Crap Jokes: Truth Stranger Than Fiction: Letters: CVs


These quotes are taken from real resumes and cover letters and were
printed in the July 21, 1997 issue of Fortune Magazine. Note: all
typos, etc... are intended.

 1. I demand a salary commiserate with my extensive experience.
 2. I have lurnt Word Perfect 6.0 computor and spreadsheet progroms.
 3. Received a plague for Salesperson of the Year.
 4. Reason for leaving last job: maturity leave.
 5. Wholly responsible for two (2) failed financial institutions.
 6. Failed bar exam with relatively high grades.
 7. It's best for employers that I not work with people.
 8. Let's meet, so you can 'ooh' and 'aah' over my experience.
 9. You will want me to be Head Honcho in no time.
10. Am a perfectionist and rarely if if ever forget details.
11. I was working for my mom until she decided to move.
12. Marital Status: single. Unmarried. Unengaged. Uninvolved. No
    commitments.
13. I have an excellent track record, although I am not a horse.
14. I am loyal to my employer at all costs... Please feel free to
    respond to my resume on my office voice mail.
15. I have become completely paranoid, trusting completely no one and
    absolutely nothing.
16. My goal is be a meteorologist. But since I possess no training in
    meteorology, I suppose I should try stock brokeridge.
17. I procrastinate, especally when the task is unpleasant.
18. Personal interests: donating blood. Fourteen gallons so far.
19. As indicted, I have over five years of analyzing investments.
20. Instrumental is ruining entire organization for a Midwest Chain
    store.
21. Note: Please don't misconstrue my 14 jobs as 'job-hopping'. I have
    never quit a job.
22. Marital Status: often. Children: various.
23. Reason for leaving last job: They insisted that all employess get
    to work by 8:45 am every morning. I couldn't work under those
    conditions.
24. The company made me a scapegoat, just like my three previous
    employers.
25. Finished eighth in my class of ten.
26. References: none. I've left a path of destruction behind me.

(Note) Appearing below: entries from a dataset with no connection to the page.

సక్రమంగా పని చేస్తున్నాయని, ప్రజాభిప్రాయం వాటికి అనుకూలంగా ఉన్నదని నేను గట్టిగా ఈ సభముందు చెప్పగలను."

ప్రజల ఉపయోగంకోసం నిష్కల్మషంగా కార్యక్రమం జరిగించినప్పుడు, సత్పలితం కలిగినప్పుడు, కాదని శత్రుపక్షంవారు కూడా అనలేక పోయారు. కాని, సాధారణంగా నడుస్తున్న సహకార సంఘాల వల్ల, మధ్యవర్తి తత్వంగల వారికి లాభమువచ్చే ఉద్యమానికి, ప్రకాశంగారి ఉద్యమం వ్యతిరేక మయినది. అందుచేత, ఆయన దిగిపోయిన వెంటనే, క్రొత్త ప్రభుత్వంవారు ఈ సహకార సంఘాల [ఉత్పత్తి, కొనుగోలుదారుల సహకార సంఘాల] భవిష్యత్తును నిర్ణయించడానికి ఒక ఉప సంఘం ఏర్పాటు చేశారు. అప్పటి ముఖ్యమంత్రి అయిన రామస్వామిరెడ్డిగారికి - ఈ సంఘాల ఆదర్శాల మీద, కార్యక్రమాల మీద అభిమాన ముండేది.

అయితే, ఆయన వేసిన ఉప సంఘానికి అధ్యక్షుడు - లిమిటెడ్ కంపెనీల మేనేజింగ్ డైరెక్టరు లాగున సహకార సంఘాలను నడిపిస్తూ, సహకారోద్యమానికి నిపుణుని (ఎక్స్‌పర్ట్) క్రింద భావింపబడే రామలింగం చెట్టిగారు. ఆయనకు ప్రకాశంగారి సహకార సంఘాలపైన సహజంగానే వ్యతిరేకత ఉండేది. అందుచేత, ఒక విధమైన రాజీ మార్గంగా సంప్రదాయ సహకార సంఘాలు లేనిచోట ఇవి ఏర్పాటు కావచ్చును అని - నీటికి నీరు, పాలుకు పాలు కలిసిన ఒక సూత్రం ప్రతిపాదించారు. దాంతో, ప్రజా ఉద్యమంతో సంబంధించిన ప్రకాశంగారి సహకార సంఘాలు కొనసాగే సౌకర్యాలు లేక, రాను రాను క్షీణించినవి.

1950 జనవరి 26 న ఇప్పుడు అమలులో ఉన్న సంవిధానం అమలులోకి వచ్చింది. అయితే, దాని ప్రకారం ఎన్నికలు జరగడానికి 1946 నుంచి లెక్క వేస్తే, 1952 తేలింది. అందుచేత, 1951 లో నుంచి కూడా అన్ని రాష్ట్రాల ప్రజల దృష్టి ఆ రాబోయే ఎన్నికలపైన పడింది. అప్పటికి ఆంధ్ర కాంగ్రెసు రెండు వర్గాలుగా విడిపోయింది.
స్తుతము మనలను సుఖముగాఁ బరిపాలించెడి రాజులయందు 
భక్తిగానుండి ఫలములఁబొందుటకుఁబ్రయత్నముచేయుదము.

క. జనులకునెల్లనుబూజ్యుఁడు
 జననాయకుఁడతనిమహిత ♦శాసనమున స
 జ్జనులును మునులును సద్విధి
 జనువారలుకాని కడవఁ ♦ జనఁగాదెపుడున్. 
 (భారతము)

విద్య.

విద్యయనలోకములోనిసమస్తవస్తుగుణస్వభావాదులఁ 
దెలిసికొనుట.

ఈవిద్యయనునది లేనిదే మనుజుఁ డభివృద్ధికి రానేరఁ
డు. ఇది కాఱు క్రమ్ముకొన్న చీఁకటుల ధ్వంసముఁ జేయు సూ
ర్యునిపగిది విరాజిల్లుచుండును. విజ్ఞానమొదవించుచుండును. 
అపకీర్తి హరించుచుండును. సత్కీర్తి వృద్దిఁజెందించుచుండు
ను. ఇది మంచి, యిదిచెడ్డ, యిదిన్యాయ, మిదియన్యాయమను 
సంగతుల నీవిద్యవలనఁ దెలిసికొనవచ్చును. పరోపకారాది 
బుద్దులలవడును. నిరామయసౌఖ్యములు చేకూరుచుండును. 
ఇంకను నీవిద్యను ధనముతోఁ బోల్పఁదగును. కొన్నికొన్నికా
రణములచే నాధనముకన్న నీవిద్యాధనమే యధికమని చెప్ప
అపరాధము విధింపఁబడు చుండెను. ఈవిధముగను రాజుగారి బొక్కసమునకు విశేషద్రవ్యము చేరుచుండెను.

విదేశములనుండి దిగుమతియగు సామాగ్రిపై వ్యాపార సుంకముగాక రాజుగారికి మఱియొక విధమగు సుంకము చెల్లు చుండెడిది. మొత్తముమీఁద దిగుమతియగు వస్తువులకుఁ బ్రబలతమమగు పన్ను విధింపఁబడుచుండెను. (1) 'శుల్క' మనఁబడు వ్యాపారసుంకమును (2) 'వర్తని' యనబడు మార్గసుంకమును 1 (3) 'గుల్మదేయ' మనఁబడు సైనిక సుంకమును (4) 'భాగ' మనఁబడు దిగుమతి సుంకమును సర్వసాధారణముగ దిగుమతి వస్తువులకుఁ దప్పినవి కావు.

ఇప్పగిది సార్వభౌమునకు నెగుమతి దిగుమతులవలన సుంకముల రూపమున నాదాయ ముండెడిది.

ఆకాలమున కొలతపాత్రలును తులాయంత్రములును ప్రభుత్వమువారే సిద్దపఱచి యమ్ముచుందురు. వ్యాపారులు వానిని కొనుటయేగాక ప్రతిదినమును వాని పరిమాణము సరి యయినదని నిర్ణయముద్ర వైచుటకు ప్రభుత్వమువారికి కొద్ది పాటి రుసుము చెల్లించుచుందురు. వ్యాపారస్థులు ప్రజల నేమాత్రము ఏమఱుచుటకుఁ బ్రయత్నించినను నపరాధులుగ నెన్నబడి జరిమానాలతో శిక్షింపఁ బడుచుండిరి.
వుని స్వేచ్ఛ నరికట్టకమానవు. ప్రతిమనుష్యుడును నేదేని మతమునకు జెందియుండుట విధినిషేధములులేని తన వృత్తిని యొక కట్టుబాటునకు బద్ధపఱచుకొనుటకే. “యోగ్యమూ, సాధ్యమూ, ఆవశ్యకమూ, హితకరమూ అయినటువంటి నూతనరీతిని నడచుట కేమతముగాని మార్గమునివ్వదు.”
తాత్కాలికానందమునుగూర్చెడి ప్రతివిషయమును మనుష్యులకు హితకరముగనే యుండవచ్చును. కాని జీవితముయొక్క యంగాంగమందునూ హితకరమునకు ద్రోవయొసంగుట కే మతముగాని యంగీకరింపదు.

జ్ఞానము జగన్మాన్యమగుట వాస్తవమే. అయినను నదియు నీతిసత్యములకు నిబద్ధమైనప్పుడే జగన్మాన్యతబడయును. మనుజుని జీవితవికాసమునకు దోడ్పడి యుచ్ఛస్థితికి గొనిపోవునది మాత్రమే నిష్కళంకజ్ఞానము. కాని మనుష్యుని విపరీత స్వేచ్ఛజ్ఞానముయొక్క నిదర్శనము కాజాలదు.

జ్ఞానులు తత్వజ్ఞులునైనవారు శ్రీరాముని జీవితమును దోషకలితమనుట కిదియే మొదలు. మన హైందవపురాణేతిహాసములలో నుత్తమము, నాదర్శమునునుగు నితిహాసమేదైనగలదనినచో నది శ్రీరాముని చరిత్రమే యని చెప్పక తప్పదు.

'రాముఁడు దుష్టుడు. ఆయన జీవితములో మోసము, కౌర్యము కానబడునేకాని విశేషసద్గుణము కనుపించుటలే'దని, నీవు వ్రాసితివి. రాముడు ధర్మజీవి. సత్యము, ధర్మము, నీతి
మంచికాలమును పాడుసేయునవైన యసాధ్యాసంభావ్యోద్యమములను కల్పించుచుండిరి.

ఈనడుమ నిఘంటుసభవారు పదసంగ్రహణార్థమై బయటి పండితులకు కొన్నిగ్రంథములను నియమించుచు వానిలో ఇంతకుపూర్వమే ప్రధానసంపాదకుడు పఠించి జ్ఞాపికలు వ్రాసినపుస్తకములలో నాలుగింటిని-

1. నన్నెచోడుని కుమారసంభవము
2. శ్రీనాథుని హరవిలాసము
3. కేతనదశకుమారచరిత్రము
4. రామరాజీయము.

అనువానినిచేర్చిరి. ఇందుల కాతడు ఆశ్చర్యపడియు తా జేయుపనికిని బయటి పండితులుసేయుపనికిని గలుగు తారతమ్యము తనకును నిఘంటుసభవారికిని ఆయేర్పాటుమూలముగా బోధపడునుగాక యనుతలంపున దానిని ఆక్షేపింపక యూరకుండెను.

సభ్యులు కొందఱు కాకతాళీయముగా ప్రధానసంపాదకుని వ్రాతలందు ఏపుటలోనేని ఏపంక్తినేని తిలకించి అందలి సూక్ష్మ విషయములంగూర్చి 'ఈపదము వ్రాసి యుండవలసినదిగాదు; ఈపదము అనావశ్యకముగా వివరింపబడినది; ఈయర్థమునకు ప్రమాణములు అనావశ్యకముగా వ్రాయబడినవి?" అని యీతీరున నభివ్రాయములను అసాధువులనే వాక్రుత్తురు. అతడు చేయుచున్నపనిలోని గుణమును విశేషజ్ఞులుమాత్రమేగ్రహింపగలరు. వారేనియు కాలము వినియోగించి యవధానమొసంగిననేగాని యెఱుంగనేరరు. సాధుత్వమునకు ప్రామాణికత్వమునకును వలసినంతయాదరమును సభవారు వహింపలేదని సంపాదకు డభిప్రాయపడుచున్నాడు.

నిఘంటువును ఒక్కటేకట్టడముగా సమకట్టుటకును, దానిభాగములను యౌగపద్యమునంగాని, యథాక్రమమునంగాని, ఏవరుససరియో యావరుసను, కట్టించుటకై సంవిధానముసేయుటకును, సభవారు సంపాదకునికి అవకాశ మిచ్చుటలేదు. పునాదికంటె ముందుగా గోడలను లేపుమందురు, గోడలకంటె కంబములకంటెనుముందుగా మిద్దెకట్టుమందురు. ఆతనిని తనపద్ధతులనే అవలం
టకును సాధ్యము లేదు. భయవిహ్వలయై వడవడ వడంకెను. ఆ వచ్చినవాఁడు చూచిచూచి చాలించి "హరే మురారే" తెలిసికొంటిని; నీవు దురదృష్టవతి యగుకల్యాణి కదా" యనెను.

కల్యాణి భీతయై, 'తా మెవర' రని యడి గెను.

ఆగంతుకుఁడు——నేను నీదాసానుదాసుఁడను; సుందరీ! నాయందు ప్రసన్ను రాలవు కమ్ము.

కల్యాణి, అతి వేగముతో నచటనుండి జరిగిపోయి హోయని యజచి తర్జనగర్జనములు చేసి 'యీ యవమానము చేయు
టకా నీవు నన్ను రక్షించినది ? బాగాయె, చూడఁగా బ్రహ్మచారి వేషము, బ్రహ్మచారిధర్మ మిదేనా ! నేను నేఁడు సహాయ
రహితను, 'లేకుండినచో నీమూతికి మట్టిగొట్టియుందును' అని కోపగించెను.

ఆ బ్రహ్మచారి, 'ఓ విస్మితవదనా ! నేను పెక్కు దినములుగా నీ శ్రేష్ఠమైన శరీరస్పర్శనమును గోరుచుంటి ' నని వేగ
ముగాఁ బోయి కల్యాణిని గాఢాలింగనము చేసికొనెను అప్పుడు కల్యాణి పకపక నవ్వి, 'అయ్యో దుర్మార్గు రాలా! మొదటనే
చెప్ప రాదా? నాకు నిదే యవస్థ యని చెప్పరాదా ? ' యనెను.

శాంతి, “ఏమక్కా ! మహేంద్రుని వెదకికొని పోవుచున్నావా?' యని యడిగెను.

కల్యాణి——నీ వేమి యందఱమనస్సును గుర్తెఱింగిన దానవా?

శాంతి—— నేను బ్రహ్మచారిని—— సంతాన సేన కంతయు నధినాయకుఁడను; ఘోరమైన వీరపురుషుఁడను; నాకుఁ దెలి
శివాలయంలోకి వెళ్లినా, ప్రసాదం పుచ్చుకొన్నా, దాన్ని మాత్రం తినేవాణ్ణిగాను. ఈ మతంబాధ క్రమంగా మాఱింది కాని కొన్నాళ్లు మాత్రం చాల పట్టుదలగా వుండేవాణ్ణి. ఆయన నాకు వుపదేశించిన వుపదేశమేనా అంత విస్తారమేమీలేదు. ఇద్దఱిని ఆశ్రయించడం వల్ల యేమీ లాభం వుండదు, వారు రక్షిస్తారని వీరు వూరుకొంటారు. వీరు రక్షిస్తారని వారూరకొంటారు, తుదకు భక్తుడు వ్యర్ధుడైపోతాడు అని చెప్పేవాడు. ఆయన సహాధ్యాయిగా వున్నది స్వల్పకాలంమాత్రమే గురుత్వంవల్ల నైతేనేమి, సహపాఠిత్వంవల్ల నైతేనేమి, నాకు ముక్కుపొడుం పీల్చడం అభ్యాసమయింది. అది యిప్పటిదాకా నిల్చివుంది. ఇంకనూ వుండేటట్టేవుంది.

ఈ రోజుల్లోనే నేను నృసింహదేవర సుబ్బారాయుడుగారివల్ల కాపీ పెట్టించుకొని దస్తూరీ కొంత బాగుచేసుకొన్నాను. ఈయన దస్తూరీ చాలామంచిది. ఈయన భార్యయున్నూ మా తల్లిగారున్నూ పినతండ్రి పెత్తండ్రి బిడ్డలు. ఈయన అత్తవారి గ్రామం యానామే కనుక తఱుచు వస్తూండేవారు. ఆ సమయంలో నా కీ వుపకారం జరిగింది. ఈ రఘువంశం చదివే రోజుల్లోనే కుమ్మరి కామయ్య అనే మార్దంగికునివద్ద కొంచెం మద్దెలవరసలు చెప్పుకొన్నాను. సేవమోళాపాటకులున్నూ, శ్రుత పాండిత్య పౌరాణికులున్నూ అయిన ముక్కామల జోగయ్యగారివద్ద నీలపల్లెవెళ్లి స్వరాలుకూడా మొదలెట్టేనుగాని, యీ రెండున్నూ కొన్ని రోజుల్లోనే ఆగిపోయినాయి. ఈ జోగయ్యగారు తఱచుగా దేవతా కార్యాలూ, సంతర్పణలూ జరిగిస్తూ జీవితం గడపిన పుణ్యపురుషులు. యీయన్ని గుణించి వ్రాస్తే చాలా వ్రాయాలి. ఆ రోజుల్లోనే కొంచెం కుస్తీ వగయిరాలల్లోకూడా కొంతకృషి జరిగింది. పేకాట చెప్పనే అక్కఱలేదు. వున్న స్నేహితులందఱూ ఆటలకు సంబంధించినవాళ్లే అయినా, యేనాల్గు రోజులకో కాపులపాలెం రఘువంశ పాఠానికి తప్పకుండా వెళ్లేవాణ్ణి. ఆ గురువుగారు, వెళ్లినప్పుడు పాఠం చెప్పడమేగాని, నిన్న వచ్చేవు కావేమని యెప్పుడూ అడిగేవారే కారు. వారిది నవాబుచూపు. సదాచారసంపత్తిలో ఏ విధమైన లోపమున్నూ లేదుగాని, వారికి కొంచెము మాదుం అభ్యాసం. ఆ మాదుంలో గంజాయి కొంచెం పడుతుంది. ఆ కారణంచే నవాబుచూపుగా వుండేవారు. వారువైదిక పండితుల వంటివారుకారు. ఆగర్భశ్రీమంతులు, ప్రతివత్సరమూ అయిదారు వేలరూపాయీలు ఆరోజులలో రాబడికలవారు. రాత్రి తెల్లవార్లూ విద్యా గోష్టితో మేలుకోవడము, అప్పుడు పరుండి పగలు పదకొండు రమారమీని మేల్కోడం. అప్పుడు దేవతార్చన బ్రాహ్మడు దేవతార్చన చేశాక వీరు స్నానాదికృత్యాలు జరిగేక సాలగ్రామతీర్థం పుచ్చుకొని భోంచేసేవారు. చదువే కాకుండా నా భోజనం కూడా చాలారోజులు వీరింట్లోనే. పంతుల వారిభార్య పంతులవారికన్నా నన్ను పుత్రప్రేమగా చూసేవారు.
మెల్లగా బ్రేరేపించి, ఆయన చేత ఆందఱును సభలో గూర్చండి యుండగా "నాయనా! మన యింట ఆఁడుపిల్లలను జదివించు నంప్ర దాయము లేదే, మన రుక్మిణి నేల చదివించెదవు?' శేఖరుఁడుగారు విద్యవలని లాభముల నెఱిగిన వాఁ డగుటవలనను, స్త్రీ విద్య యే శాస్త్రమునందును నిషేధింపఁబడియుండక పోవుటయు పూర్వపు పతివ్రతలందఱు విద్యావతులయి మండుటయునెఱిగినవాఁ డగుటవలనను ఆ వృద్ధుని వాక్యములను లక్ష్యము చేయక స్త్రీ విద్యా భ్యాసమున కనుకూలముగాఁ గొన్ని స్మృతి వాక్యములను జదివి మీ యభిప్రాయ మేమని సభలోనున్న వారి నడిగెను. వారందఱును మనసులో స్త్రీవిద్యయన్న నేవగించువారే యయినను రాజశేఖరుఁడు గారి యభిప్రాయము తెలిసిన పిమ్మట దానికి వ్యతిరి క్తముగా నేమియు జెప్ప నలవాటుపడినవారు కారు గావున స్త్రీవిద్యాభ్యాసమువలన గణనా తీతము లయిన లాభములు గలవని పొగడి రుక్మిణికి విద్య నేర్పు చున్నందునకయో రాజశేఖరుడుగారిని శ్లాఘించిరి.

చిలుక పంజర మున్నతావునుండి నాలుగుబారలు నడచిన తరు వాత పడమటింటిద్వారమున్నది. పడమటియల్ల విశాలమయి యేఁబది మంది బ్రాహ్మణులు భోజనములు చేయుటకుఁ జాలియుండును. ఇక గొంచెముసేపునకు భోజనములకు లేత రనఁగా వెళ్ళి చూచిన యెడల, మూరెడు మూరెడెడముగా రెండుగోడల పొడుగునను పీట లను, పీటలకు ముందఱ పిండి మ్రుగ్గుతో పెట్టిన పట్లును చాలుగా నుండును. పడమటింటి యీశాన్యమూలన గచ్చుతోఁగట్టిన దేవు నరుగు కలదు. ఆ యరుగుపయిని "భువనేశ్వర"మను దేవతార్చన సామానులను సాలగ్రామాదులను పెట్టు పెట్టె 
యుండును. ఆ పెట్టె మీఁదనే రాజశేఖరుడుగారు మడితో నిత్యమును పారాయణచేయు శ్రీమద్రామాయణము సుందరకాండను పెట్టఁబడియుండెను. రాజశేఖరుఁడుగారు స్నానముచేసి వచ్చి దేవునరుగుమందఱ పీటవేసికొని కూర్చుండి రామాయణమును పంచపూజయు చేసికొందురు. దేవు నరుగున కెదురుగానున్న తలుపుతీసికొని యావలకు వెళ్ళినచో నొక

The following quotes were taken from actual performance evaluations:

 1. Since my last report, this employee has reached rock bottom and has
    started to dig.
 2. His men would follow him anywhere, but only out of morbid
    curiosity.
 3. I would not allow this employee to breed.
 4. This associate is really not so much of a has-been, but more of a
    definitely won't be.
 5. Works well under constant supervision and cornered like a rat in a
    trap.
 6. When she opens her mouth, it seems that this is only to change
    whichever foot was previously in there.
 7. He would be out of his depth in a parking lot puddle.
 8. This young lady has delusions of adequacy.
 9. He sets low personal standards and then consistantly fails to
    achieve them.
10. This employee is depriving a village somewhere of an idiot.
11. This employee should go far - and the sooner he starts the better.
12. Got a full 6-pack, but lacks the plastic thing to hold it all
    together.
13. A gross ignoramus - 144 times worse than an ordinary ignoramus.
14. He doesn't have ulcers, but he's a carrier.
15. I would like to go hunting with him sometime.
16. He's been working with glue too much.
17. He would argue with a signpost.
18. He brings a lot of joy whenever he leaves the room.
19. When his IQ reaches 50, he should sell.
20. If you see two people talking and one looks bored, he's the other
    one.
21. A photographic memory but with the lens cover glued on.
22. A prime candidate for natural de-selection.
23. Donated his brain to science before he was done using it.
24. Gates are down, the lights are flashing, but the train isn't
    coming.
25. Has two brains: one is lost and the other is out looking for it.
26. If he were any more stupid, he'd have to be watered twice a week.
27. If you give him a penny for his thoughts, you'd get change.
28. If you stand close enough to him, you can hear the ocean.
29. It's hard to believe that he beat out 1,000,000 other sperm.
30. One neuron short of a synapse.
31. Some drink from the fountain of knowledge; he only gargled.
32. Takes him 2 hours to watch 60 minutes.
33. The wheel is turning, but the hamster is dead.